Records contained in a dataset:

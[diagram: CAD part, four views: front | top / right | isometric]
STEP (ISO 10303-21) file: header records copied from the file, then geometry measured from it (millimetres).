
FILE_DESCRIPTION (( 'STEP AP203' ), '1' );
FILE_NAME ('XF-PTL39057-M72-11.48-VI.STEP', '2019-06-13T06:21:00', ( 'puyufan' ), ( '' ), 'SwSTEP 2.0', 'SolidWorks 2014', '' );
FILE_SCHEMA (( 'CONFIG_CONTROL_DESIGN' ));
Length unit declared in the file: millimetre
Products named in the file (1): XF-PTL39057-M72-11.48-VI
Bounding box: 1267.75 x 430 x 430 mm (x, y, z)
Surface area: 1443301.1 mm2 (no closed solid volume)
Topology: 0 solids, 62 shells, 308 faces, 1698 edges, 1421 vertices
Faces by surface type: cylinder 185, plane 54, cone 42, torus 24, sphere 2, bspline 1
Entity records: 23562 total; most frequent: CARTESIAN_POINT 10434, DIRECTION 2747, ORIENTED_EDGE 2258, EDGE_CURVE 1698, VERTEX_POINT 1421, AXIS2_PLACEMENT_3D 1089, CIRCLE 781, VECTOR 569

* * *

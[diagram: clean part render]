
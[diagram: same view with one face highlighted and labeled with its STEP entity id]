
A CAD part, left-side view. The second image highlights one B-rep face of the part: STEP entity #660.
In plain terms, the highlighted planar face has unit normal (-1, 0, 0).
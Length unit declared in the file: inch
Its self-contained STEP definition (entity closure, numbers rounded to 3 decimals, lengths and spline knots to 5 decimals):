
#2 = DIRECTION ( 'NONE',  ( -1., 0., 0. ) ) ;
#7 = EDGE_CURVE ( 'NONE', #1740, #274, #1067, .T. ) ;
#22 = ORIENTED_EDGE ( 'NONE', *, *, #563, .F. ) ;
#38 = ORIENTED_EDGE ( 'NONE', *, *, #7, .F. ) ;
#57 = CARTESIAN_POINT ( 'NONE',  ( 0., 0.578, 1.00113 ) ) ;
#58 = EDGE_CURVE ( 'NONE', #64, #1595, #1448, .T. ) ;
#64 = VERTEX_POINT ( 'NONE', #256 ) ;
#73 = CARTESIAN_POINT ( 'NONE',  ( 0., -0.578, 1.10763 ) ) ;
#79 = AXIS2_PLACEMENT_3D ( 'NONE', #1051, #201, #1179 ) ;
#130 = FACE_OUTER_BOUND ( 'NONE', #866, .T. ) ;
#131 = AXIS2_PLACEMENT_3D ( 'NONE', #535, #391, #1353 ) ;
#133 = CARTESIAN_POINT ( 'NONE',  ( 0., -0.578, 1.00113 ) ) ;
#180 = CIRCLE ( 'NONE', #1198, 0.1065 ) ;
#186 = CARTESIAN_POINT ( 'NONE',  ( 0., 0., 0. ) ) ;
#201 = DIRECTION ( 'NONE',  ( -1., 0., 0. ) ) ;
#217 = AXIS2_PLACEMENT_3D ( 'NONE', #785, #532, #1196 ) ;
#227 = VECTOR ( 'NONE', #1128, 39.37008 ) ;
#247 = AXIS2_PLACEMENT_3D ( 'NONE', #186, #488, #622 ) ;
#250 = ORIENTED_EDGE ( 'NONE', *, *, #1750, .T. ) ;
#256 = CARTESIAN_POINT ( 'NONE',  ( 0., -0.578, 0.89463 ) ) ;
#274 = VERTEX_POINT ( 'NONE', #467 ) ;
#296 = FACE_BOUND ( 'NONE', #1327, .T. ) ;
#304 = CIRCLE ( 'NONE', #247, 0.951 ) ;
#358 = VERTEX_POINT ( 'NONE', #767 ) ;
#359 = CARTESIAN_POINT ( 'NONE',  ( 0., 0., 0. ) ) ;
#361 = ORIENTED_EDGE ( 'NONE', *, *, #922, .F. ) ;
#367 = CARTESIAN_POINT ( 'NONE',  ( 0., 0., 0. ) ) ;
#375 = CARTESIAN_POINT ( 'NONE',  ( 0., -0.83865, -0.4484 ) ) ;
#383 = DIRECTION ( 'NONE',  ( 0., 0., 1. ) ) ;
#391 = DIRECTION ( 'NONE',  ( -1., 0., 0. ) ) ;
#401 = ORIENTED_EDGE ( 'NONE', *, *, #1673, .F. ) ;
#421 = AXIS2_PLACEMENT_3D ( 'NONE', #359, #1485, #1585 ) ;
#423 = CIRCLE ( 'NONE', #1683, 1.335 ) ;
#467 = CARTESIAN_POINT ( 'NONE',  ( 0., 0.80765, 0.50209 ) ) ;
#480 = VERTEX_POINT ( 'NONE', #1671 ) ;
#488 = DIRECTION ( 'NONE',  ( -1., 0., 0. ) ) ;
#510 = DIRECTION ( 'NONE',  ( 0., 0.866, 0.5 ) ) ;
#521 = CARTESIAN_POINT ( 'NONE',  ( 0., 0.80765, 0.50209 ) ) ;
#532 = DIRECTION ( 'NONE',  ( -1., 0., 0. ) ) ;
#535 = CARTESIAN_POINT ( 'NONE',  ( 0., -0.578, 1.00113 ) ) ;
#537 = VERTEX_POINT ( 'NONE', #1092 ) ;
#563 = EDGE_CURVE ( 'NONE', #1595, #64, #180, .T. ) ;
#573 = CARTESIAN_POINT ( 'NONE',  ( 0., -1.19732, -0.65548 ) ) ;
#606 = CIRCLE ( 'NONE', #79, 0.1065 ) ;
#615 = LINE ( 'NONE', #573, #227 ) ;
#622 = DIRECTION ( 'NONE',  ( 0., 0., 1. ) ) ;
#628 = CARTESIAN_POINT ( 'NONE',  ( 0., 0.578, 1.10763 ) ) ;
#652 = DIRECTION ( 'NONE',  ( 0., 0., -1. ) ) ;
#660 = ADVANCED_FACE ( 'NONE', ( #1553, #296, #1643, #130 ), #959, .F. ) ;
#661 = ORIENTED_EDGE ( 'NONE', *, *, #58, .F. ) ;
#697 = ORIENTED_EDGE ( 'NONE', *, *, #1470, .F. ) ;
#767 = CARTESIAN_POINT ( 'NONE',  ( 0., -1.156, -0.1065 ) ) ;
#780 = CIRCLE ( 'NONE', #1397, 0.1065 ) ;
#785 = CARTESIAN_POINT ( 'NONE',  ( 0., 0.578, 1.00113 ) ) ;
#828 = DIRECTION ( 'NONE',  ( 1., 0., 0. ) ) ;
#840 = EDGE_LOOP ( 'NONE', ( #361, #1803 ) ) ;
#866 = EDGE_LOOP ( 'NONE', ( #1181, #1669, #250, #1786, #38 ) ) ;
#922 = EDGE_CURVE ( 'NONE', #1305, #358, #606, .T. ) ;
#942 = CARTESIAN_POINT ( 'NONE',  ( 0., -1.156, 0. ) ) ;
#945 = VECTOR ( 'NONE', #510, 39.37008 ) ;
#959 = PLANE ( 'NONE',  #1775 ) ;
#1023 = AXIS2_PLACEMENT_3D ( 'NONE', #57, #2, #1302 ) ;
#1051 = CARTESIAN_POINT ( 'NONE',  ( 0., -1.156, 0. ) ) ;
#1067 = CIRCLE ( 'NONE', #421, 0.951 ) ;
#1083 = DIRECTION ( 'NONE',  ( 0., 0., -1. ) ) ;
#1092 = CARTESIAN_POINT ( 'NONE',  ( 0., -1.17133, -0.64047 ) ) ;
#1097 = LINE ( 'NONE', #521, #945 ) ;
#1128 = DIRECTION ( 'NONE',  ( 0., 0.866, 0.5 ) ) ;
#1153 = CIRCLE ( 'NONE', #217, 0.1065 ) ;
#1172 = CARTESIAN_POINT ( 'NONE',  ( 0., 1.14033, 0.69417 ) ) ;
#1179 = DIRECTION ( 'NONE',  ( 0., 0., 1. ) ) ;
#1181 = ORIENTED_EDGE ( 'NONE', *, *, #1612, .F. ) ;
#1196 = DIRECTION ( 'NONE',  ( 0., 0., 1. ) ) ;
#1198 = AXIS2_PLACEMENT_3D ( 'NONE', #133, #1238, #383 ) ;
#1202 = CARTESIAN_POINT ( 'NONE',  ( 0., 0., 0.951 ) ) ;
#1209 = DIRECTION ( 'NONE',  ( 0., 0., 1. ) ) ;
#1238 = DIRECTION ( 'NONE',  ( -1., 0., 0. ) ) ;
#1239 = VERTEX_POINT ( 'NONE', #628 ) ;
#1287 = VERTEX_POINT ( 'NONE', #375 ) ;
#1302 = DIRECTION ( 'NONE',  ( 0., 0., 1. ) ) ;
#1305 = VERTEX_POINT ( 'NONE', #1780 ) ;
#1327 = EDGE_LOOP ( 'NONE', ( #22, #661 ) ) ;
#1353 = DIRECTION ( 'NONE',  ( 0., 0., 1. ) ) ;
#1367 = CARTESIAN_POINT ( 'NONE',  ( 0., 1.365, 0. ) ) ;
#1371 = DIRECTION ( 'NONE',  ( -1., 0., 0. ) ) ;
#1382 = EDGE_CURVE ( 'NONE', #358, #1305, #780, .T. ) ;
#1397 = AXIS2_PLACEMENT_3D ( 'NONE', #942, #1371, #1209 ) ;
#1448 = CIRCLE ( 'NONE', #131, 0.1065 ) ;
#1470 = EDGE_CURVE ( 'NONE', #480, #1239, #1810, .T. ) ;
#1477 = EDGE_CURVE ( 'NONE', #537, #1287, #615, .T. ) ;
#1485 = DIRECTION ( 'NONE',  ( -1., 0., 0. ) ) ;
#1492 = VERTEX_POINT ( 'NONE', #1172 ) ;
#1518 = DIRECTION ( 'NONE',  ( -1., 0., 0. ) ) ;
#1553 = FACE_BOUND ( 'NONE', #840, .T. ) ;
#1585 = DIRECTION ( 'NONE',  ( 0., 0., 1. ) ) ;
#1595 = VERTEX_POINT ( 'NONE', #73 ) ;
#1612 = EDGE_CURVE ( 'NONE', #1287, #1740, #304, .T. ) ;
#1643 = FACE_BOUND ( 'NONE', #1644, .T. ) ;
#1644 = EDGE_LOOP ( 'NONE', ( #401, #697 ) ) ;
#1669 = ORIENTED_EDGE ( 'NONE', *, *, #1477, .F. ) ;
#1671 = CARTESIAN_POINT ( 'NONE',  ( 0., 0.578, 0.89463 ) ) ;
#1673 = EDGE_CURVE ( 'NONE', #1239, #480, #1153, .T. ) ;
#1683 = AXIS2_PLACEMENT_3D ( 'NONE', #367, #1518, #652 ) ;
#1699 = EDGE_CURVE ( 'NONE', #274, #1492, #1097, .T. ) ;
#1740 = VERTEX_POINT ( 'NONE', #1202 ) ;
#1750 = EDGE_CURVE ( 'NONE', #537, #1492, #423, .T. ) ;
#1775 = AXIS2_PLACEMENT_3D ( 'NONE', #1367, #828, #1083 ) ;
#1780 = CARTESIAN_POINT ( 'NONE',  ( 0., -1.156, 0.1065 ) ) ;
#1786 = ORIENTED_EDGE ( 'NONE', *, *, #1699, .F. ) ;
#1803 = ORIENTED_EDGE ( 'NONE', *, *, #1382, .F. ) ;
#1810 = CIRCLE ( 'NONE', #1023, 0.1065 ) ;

**Problem to work on:**
In the entries above, please find the line with "[diagram: clean part render]" and the line with "Length unit declared in the file: inch", then write out exactly those two lines and every line between them, and nothing more.

**Worked solution:**
[diagram: clean part render]
[diagram: same view with one face highlighted and labeled with its STEP entity id]
A CAD part, left-side view. The second image highlights one B-rep face of the part: STEP entity #660.
In plain terms, the highlighted planar face has unit normal (-1, 0, 0).
Length unit declared in the file: inch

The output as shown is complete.